Here’s the part that I think about most: In Game 5 of the World Series against Kansas City, Harvey was absolutely lights-out for eight innings. The Mets led 2-0. Harvey had thrown 100 pitches. And Mets manager Terry Collins told Harvey that he would be taken out of the game and the Mets closer would come in.

And then, the crowd started chanting Harvey’s name.

And Collins CHANGED HIS MIND. It still absolutely blows my mind. He decided to put Harvey back in the game, watched him walk Lorenzo Cain in a tough, seven-pitch at-bat, watched Cain steal second and then watched Hosmer crack a double that scored Cain. Only then did he take Harvey out after 111 pitches, in the 215th inning of his season after having reconstructive surgery.

Did any of that have anything to do with Harvey’s subsequent injuries and collapse as a viable big-league starter? I don’t know that you can draw a direct line—Harvey has had his issues off the field—but I do know that Harvey was something else as a pitcher and the way the Mets treated him is all-time terrible.

1990

Locks: None.

Projects as a Hall of Famer: None.

On the right path: Gerrit Cole, Jose Altuve.

Longshots: Salvador Perez, Zack Wheeler.

Not impossible: None.

Not quite Hall of Fame but very good players: Anthony Rendon, Nathan Eovaldi, Mike Clevinger, Marcus Semien, Kevin Kiermaier, Max Muncy, Didi Gregorius, Kolten Wong, Jean Segura.

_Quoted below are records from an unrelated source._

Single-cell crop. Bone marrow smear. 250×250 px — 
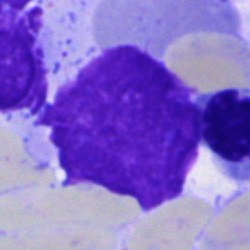
Single cell identified as an artefact.
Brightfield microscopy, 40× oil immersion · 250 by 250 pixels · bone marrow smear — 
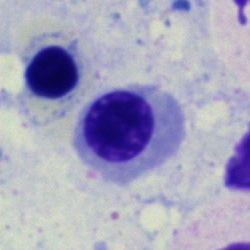

A nucleated red cell.
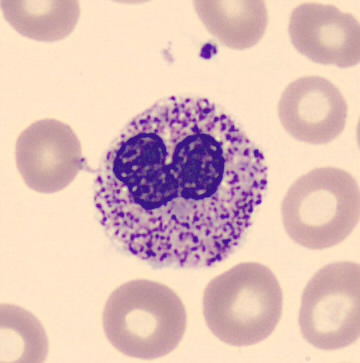
A stab cell. Preparation: 360×363 px · peripheral blood film.
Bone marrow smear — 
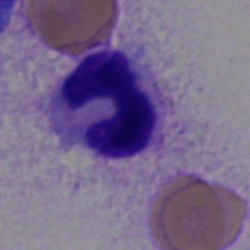 {"cell_type": "neutrophil (segmented)", "lineage": "myeloid"}
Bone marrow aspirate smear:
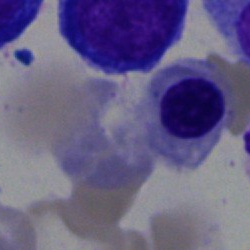

Morphology — nucleated red cell.
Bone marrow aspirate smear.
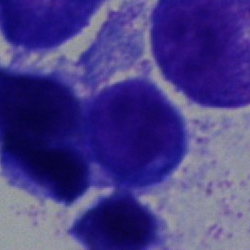
A typical lymphocyte.
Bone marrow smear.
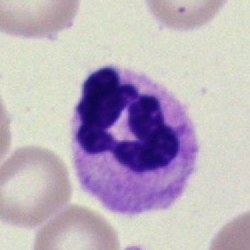

A neutrophil (segmented).
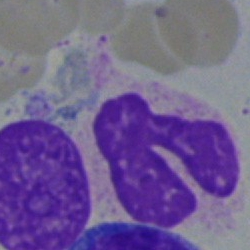

The cell is polymorphonuclear neutrophil.
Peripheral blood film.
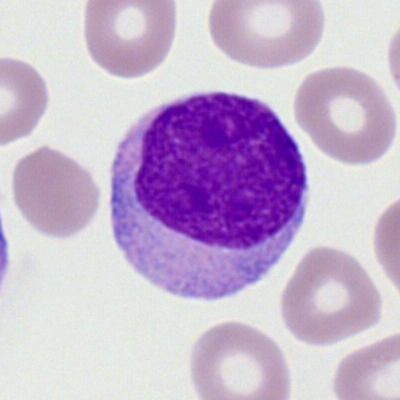

The cell shown is a myeloblast.
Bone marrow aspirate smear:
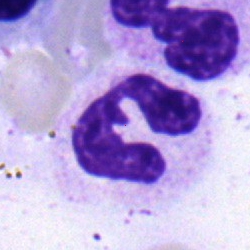
Specimen: bone marrow smear.
Morphological class: polymorphonuclear neutrophil.
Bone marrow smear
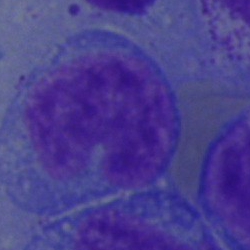
An undifferentiated blast.
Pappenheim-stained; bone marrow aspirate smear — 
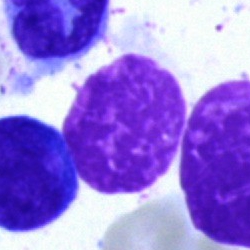Morphology — artefact.
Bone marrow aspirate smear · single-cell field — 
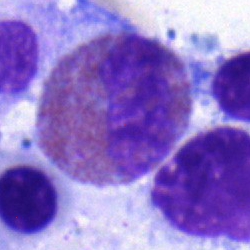

Q: Which cell type is shown here?
A: Eosinophilic granulocyte.
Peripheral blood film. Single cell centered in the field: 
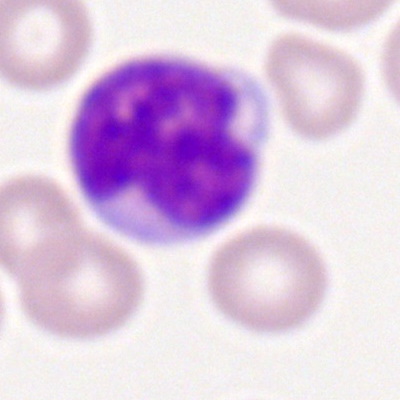 Cell = typical lymphocyte.
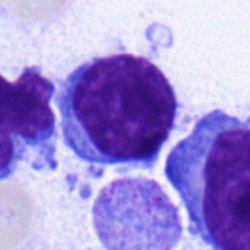
Morphology → lymphocyte.
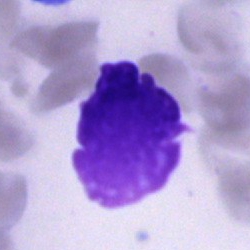Cell type: artifact.
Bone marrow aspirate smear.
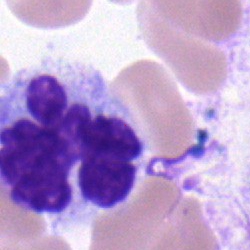Morphology — monocyte.
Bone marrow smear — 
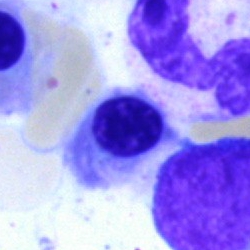 The cell type is nucleated red cell.
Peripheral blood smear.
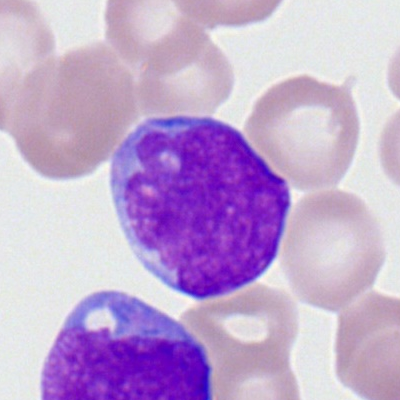

A myeloblast.
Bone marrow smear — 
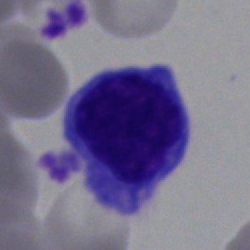
Showing a typical lymphocyte.
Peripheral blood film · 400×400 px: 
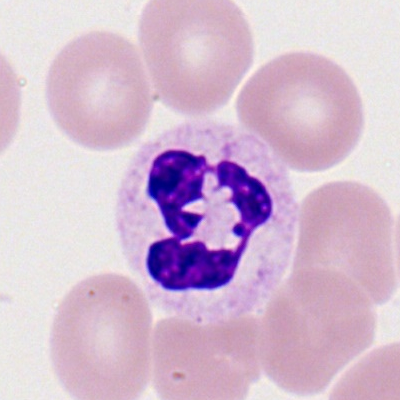
Cell type: polymorphonuclear neutrophil.
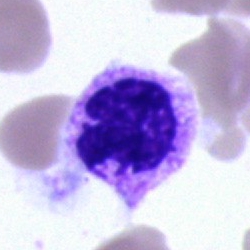Single-cell crop from a bone marrow smear: neutrophil (segmented).
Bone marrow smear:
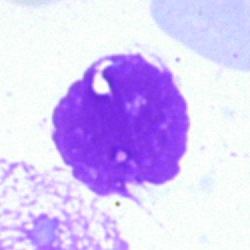 This is an artifact.
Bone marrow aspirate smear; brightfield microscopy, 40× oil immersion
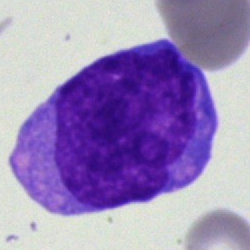 Cell type — blast.
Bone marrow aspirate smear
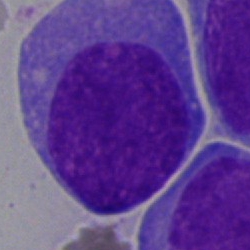 An undifferentiated blast.
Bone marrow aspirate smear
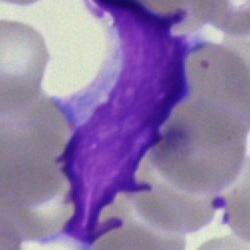Cell: artefact.
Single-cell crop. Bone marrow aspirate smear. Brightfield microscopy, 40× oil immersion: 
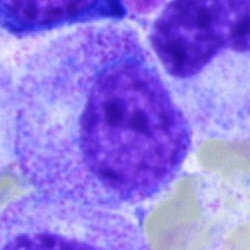This is a progranulocyte.
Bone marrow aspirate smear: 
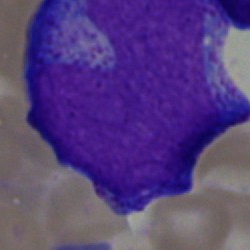

Q: What is the morphological classification of this cell?
A: It is a promyelocyte.
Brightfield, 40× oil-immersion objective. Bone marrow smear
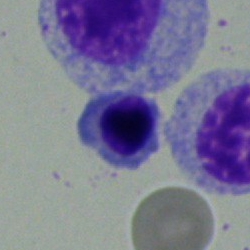

The cell shown is a normoblast.
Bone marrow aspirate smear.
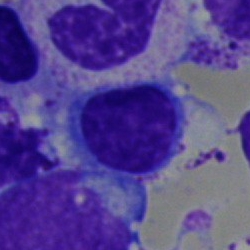

Showing a nucleated red blood cell.
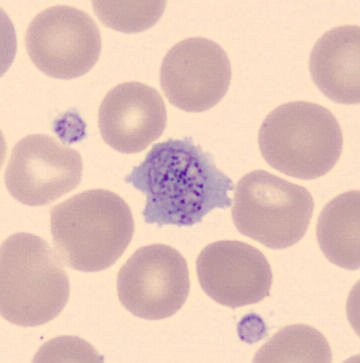
Morphological class — thrombocyte.
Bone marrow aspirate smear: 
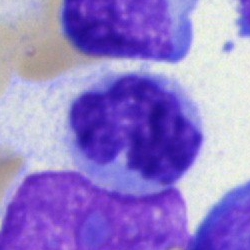 Single cell identified as a monocyte.
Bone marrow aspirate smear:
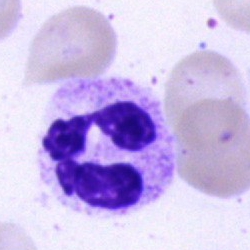

Cell type: neutrophil (segmented).
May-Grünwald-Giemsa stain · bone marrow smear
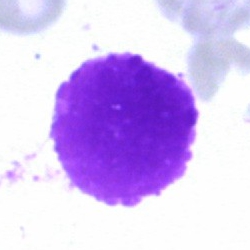 {"cell_type": "artefact"}
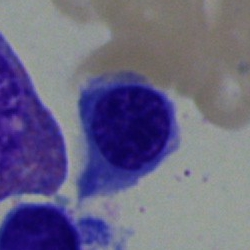Cell type: nucleated red blood cell.
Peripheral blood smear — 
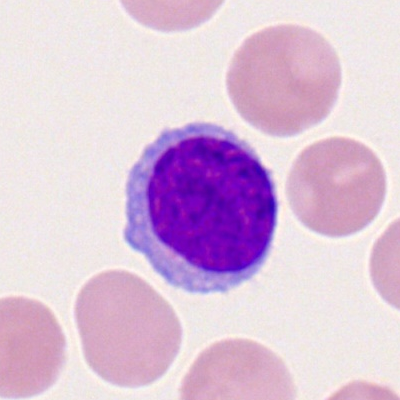 The cell is lymphocyte.
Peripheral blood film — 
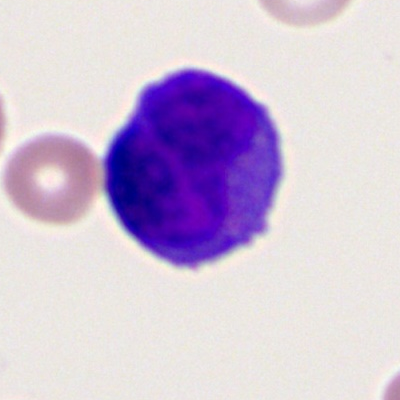

Q: What cell is this?
A: It is a myeloid blast.
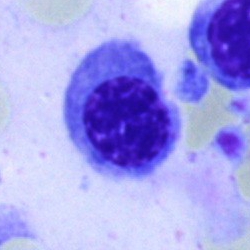 Morphology consistent with a nucleated red blood cell.
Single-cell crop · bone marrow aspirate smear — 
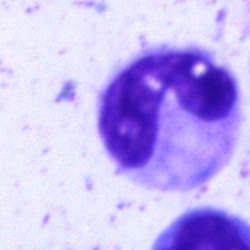 Morphological class — neutrophil (band).
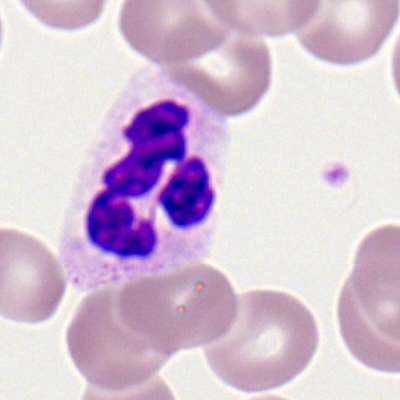Morphology → segmented neutrophil.
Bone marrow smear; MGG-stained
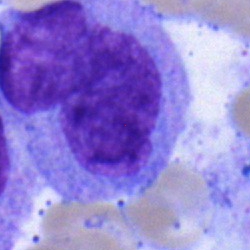

{"cell_type": "monocyte", "lineage": "myeloid"}
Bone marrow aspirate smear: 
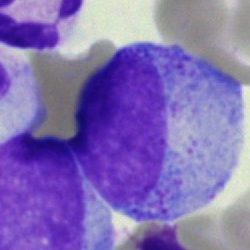Morphology → progranulocyte.
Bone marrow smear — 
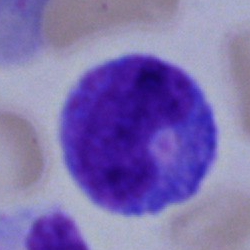
Cell of indeterminate lineage.
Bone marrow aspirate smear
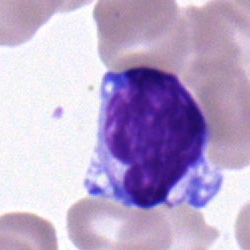 The cell type is typical lymphocyte.
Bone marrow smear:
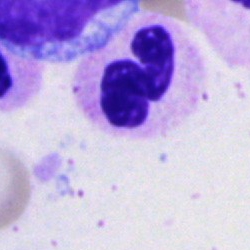This is a neutrophil (segmented).
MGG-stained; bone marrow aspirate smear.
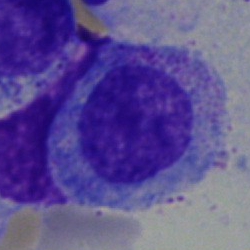 Q: What is shown here?
A: A myelocyte.
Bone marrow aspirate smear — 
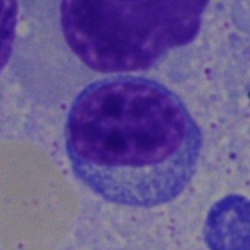
Cell type = typical lymphocyte.
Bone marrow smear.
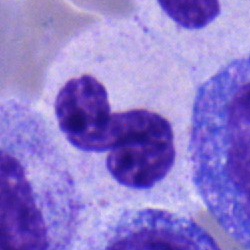
Q: What is shown here?
A: It is a band neutrophil.
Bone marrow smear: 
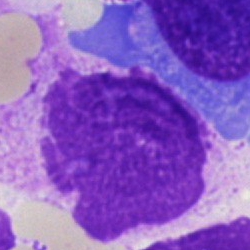

This is an artifact.
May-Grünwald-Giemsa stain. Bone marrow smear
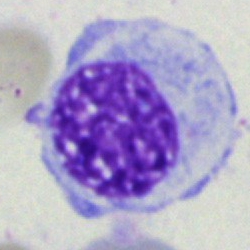 Showing a progranulocyte.
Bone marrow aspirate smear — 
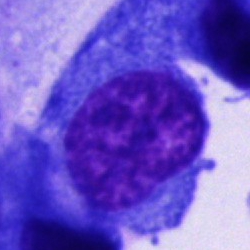 The classification is other cell.
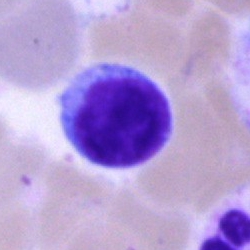 The cell shown is a lymphocyte.
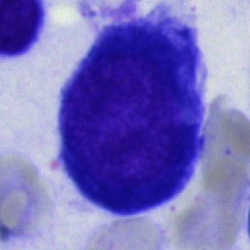

Specimen: bone marrow aspirate smear.
Cell type: pronormoblast.
Lineage: erythroid.
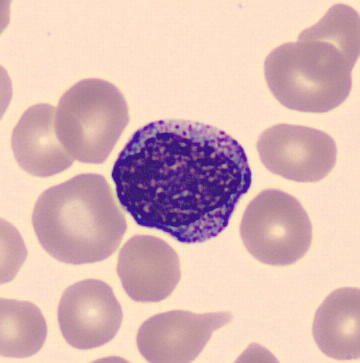
Preparation: Peripheral blood smear. MGG stain. The cell shown is a myelocyte.
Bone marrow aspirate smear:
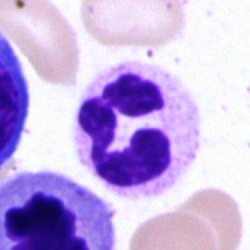
Cell type — segmented neutrophil.
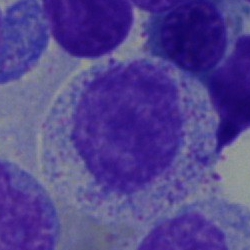

Morphology consistent with a myelocyte.
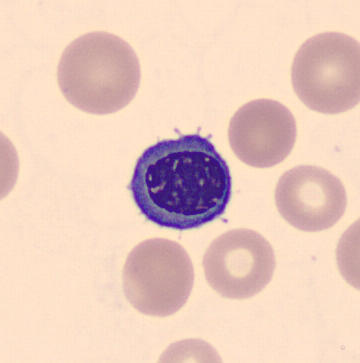

Morphological class — nucleated red blood cell.
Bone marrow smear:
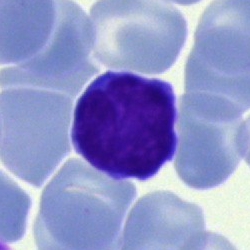
Cell — lymphocyte.
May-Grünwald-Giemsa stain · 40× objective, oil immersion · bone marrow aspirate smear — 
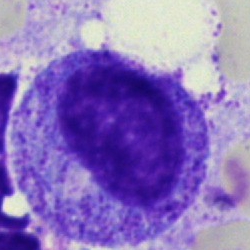 Specimen: bone marrow aspirate smear.
Cell type: progranulocyte.
Lineage: myeloid.
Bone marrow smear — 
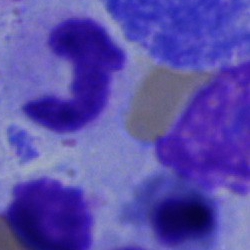Morphological class = segmented neutrophil.
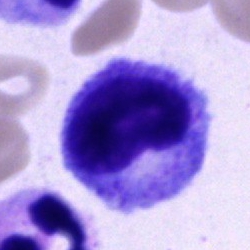A promyelocyte.
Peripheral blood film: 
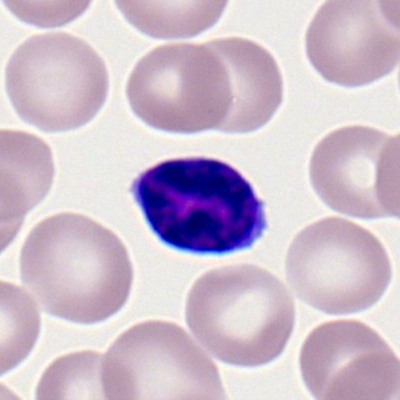
The morphological class is lymphocyte.
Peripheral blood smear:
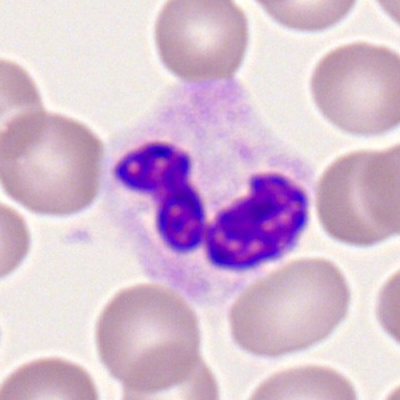
The cell shown is a polymorphonuclear neutrophil.
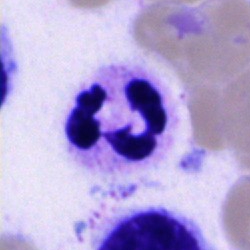 Showing a segmented neutrophil.
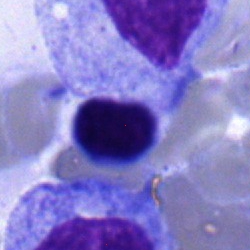

Morphological class: typical lymphocyte.
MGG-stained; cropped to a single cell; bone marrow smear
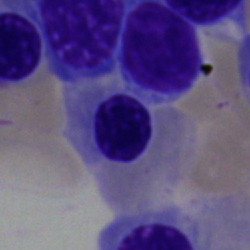The morphological class is erythroblast.
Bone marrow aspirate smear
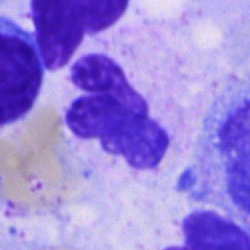 Specimen: bone marrow aspirate smear.
Cell type: neutrophil (segmented).
Lineage: myeloid.
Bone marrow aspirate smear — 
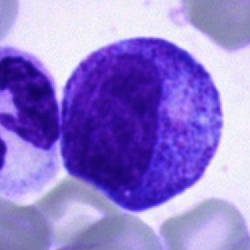 Q: What type of cell is this?
A: A progranulocyte.
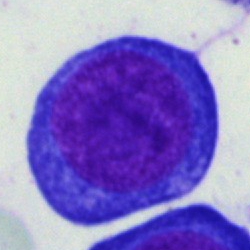

Morphology — pronormoblast.
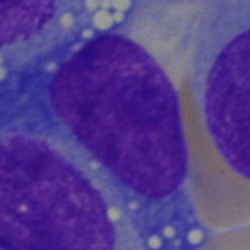The cell is blast.
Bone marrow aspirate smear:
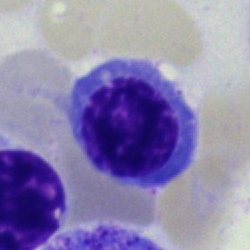

Q: What type of cell is this?
A: This is a nucleated red blood cell.
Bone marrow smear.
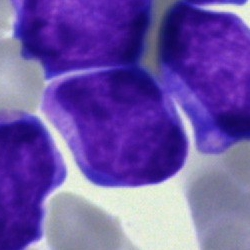Morphological class = blast.
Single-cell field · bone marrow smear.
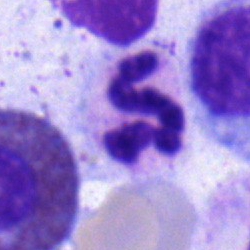

Classification = polymorphonuclear neutrophil.
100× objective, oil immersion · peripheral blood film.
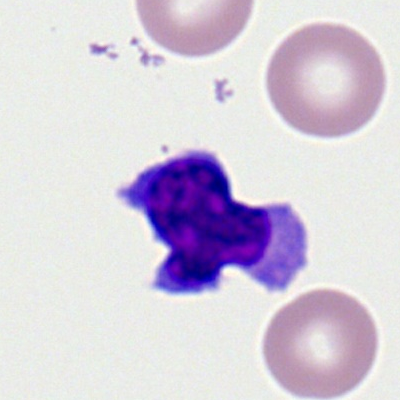
Morphological class = lymphocyte.
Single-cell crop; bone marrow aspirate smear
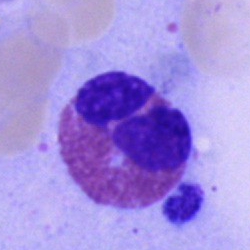
Cell = basophilic granulocyte.
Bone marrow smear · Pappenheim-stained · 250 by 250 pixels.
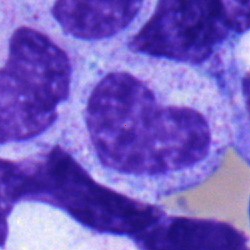
Single cell identified as a metamyelocyte.
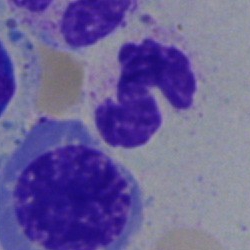
Single cell identified as a neutrophil (segmented).
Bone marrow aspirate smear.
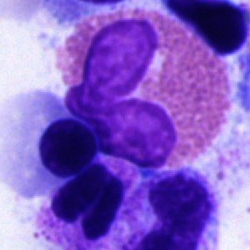
Morphology → eosinophilic granulocyte.
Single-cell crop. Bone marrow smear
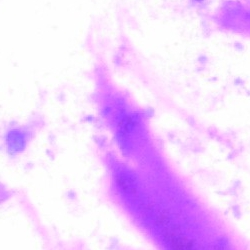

Oh, what might have been: Yasiel Puig

Jose Altuve is, like, still REALLY good. I don’t know why this should be such a surprise to me, but it is … after the whole Houston cheating scandal, it kind of seemed like Altuve had been exposed. That whole not taking off his jersey controversy seemed to really wreck him. During the COVID year, he was basically an out. It just didn’t seem like he was ever going to be the incredible player he was from 2014 to 2017, when he hit .334, won three batting titles, an MVP award, led the league in hits every year and even won a Gold Glove.

I don’t know that he ever will be THAT player again … but the player he is now is awfully good. This year, he’s hitting .280/.366/.504 with a 141 OPS+, he’s hit 20 homers, he’s stolen 12 of 13 bases, he’s among the league leaders in offensive WAR. His defense has fallen off some, certainly, but he’s still competent at second base, and among his top comps through age 31 are Ryne Sandberg, Derek Jeter and Robbie Alomar. He still has a lot of work to do for Cooperstown—and you do wonder how voters will view the sign-stealing scandal—but he absolutely is on the path.

So is Gerrit Cole, though he’s having an oddly middling season this year. He leads the league in starts and strikeouts, but he hasn’t really been dominant … the Yankees are 4-6 in his last 10 starts, and he has mixed some good outings with some tough ones. His last start, on Aug. 20, kind of told the story: He took a no-hitter into the fifth and then had a disastrous inning, with six straight Blue Jays reaching base. When Cole is right, he’s the best in the world, I think. But I don’t know, it feels like we’re still waiting for Cole to put together his masterpiece season.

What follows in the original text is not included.